OCIC therefore fulfilled the terms of the insurance contract when it tendered the
amount articulated in the award and the cost of the repair to the HVAC system
to TMM, and the district court erred when it determined OCIC had breached the
insurance contract. Accordingly, the district court’s award of attorney’s fees and
prejudgment interest to TMM is also reversed. Because we hold that there was
no breach of contract, the issues raised in TMM’s cross-appeal are moot.
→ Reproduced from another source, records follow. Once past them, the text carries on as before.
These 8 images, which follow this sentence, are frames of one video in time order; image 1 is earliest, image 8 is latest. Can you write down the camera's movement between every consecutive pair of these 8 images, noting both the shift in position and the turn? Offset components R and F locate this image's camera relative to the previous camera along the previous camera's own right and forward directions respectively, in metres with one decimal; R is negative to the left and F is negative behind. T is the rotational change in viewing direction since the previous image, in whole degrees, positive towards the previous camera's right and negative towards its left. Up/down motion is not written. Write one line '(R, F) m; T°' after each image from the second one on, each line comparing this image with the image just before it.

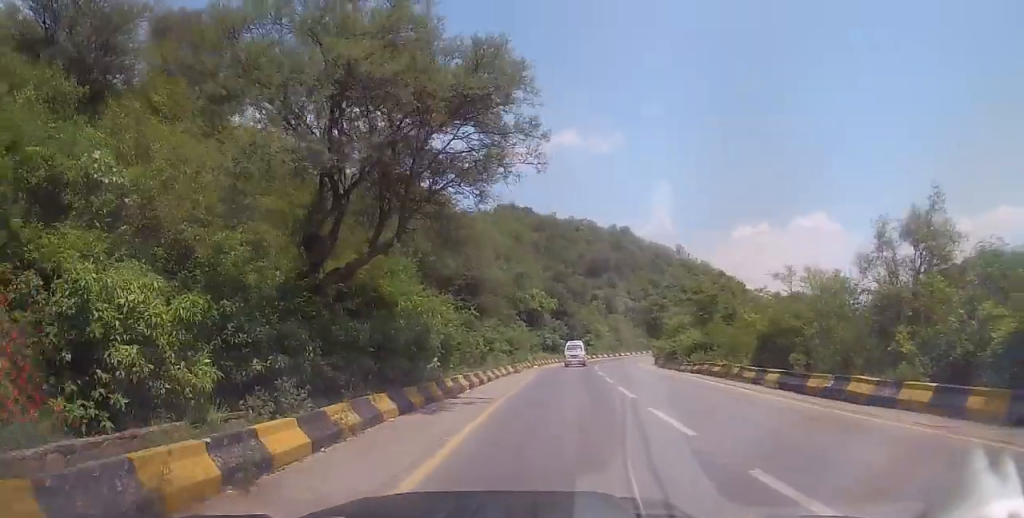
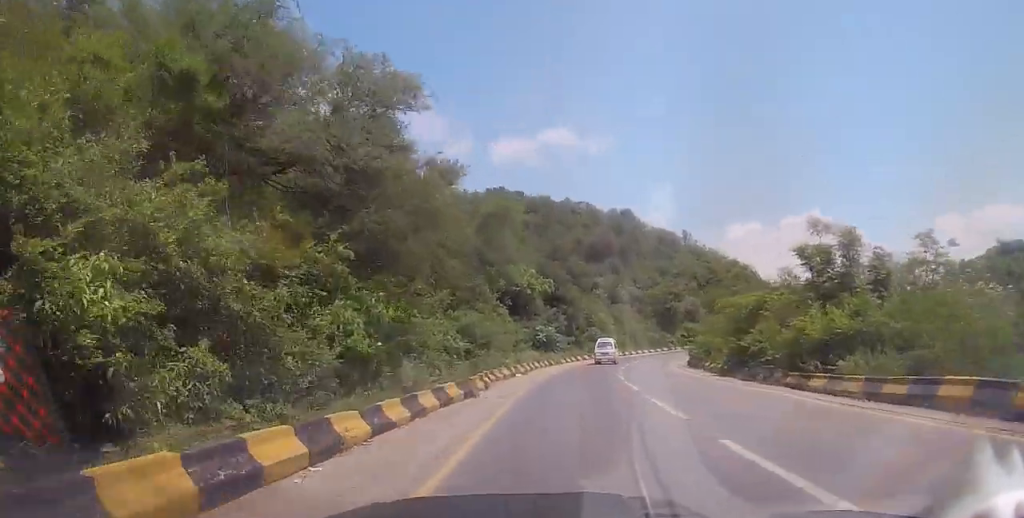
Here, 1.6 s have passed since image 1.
(+2.9, +17.2) m; -1°
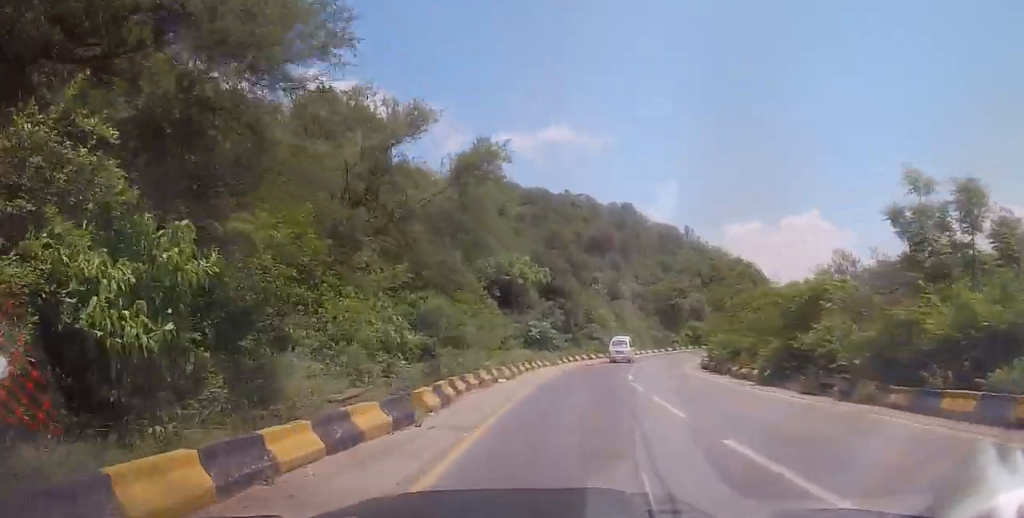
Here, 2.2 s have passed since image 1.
(-1.8, +5.5) m; -5°
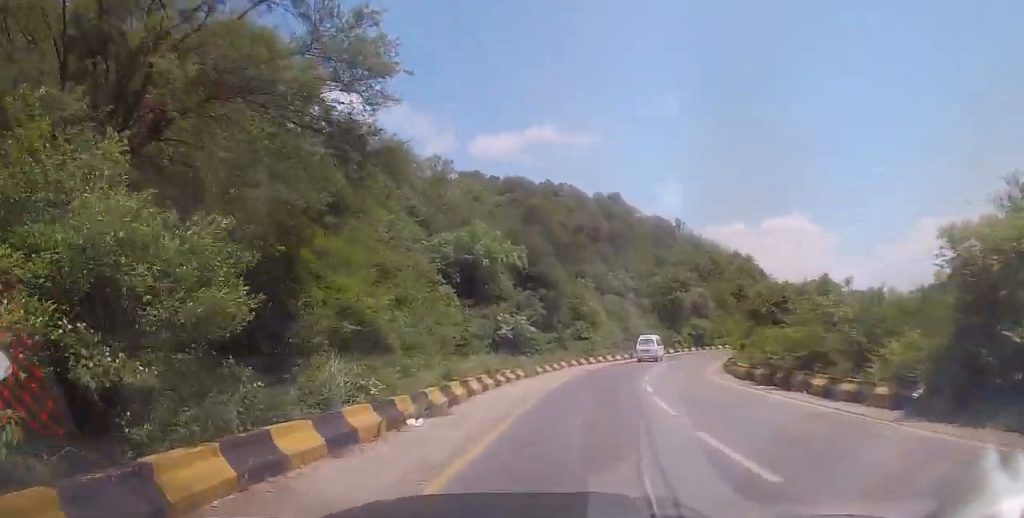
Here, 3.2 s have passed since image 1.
(-0.6, +10.4) m; +2°
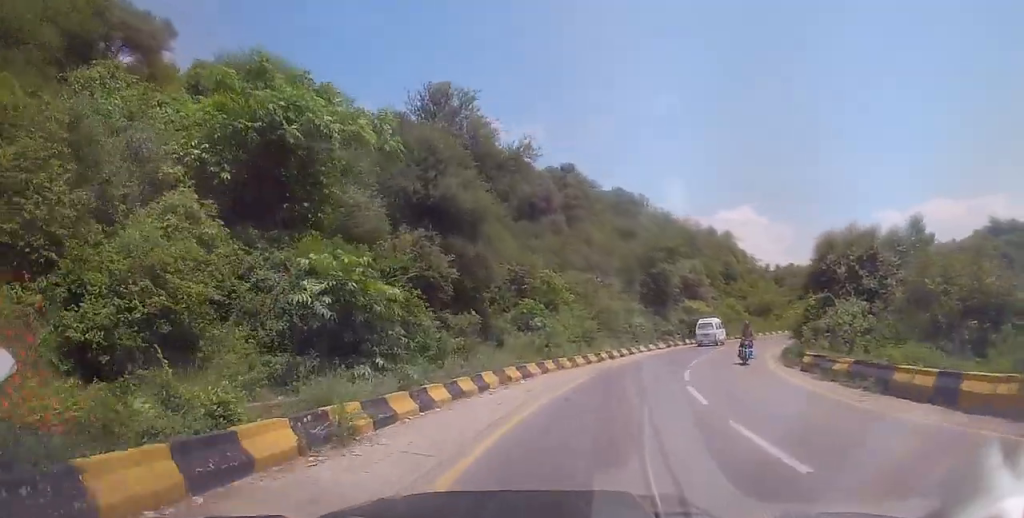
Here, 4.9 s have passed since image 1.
(+2.1, +18.7) m; +9°
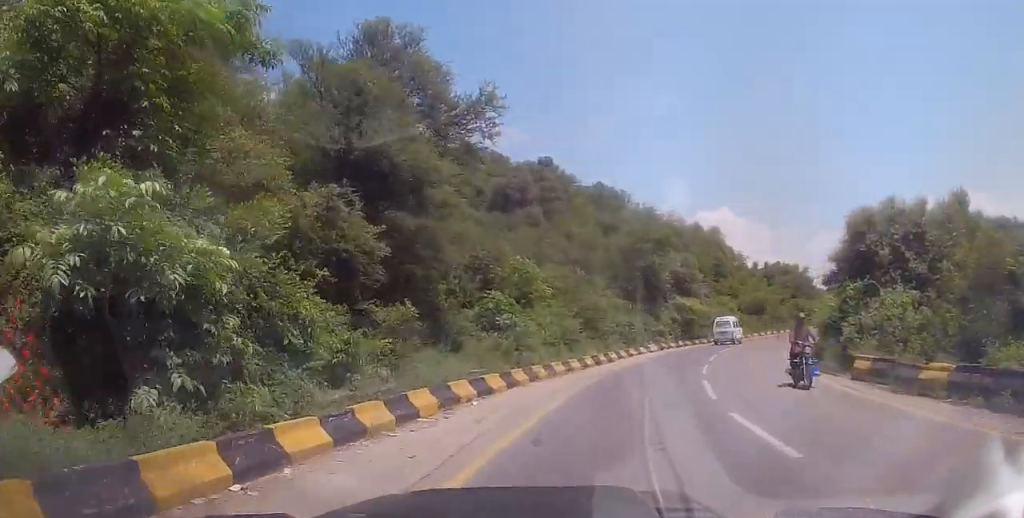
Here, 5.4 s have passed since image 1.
(+0.1, +5.5) m; +1°
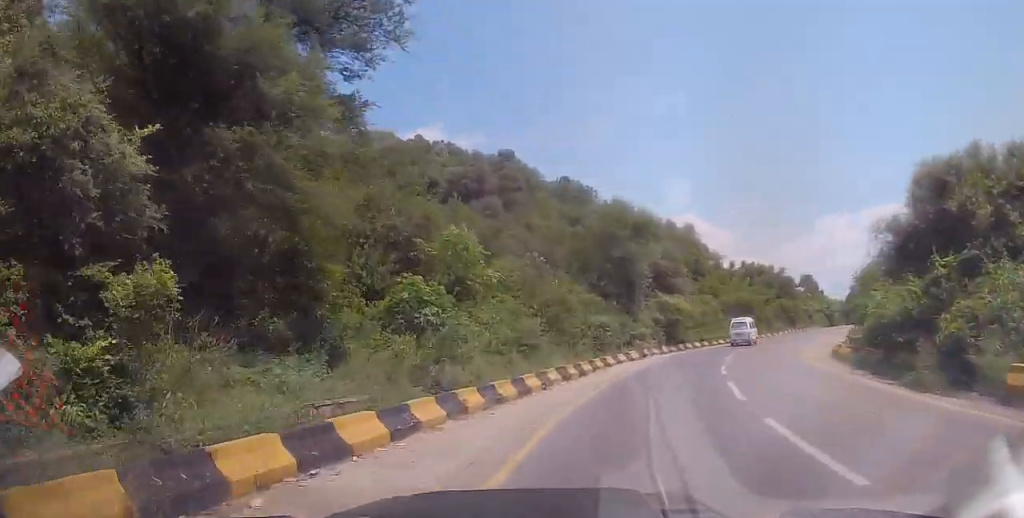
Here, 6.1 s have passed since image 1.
(+0.1, +7.3) m; +5°
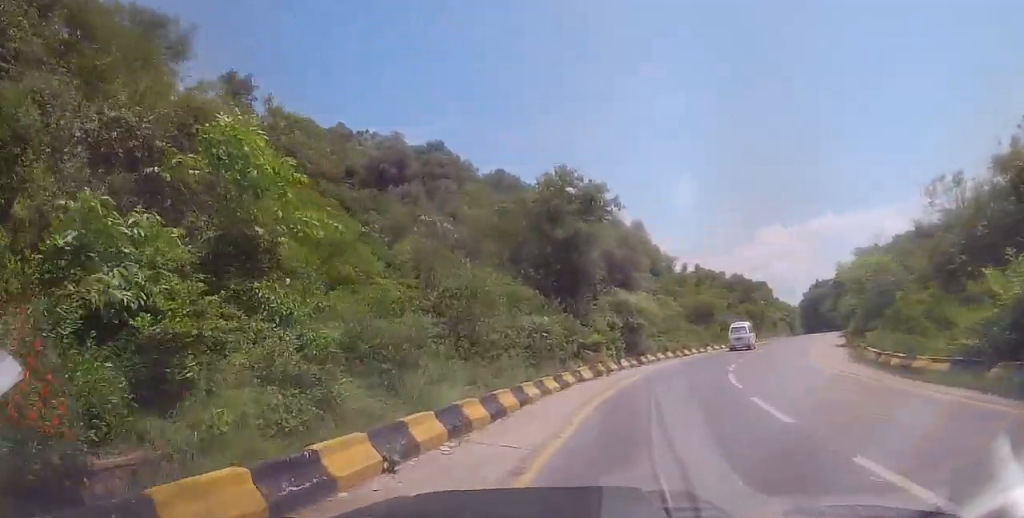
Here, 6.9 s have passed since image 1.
(+0.3, +8.9) m; +7°

A.    Standard of Review and Applicable Law
      “We review a grant of summary judgment de novo, viewing all evidence in
the light most favorable to the nonmoving party and drawing all reasonable
inferences in that party’s favor.” Pierce v. Dep’t of the U.S. Air Force, 
512 F.3d 184
, 186 (5th Cir. 2007). “[S]ummary judgment is proper if the pleadings,
depositions, answers to interrogatories, and admissions on file, together with the
affidavits, if any, show that there is no genuine issue as to any material fact and
that the moving party is entitled to a judgment as a matter of law.” Celotex
Corp. v. Catrett, 
477 U.S. 317
, 322 (1986) (internal quotation marks omitted).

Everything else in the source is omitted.